Dataset excerpts
/---

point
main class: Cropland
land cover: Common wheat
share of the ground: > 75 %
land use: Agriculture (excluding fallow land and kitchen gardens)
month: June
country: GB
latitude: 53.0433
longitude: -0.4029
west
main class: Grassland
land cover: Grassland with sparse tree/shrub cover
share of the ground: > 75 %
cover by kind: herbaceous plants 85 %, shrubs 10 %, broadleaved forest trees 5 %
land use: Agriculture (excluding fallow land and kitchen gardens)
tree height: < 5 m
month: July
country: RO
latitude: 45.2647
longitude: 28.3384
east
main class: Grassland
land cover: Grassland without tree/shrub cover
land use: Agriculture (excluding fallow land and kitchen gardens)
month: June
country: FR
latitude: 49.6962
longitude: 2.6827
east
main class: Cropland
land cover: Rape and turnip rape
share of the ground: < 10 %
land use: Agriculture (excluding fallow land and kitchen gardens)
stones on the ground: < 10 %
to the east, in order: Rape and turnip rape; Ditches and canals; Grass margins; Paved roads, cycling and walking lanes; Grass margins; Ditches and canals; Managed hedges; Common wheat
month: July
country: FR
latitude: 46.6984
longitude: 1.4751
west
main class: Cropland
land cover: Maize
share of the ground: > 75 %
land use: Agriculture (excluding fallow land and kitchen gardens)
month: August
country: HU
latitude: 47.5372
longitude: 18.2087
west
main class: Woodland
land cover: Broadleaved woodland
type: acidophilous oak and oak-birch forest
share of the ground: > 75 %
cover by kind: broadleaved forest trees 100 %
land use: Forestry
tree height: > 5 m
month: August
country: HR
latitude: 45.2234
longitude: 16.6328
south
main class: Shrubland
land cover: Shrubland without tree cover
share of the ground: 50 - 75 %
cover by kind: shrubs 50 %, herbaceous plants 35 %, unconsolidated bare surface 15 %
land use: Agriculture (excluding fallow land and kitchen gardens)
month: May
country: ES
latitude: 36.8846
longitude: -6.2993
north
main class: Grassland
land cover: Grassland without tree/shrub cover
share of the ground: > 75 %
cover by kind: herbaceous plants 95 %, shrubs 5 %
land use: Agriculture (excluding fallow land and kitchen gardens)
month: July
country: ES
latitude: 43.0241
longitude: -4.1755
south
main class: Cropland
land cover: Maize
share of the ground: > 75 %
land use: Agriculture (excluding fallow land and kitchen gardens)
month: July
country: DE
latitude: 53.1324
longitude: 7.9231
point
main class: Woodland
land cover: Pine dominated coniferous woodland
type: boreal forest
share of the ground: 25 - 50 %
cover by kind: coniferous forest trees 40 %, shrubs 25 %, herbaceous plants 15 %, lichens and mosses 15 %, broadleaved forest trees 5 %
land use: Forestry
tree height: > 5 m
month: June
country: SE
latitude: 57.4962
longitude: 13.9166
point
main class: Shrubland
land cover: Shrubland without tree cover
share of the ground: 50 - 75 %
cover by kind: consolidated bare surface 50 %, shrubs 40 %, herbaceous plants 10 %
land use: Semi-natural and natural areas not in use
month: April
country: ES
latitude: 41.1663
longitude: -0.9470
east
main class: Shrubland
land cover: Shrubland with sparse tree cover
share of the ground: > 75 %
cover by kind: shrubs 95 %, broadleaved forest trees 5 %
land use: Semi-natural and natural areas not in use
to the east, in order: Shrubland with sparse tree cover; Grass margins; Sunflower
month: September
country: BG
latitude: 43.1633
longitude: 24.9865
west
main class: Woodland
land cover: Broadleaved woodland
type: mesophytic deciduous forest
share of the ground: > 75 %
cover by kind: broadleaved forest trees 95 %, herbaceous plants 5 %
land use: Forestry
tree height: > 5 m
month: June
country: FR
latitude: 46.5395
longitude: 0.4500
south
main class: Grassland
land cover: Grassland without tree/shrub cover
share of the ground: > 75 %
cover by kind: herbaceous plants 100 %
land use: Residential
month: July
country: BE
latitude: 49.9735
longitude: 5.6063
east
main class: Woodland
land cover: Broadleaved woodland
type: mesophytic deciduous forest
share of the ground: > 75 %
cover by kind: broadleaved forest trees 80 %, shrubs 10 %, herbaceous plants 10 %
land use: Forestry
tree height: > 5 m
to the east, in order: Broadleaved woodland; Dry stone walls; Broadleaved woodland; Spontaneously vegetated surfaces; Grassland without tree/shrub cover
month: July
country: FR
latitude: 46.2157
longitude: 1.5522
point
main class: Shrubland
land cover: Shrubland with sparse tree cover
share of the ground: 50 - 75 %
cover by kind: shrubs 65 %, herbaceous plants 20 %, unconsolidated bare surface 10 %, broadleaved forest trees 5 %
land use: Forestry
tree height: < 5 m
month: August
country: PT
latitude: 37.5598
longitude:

\---

**WORK ITEM:**
Your response should hold the lines from the first line of the entries above through the line with "cover by kind: herbaceous plants 85", each retyped exactly, and nothing else.

**YOUR RESPONSE:**
point
main class: Cropland
land cover: Common wheat
share of the ground: > 75 %
land use: Agriculture (excluding fallow land and kitchen gardens)
month: June
country: GB
latitude: 53.0433
longitude: -0.4029
west
main class: Grassland
land cover: Grassland with sparse tree/shrub cover
share of the ground: > 75 %
cover by kind: herbaceous plants 85 %, shrubs 10 %, broadleaved forest trees 5 %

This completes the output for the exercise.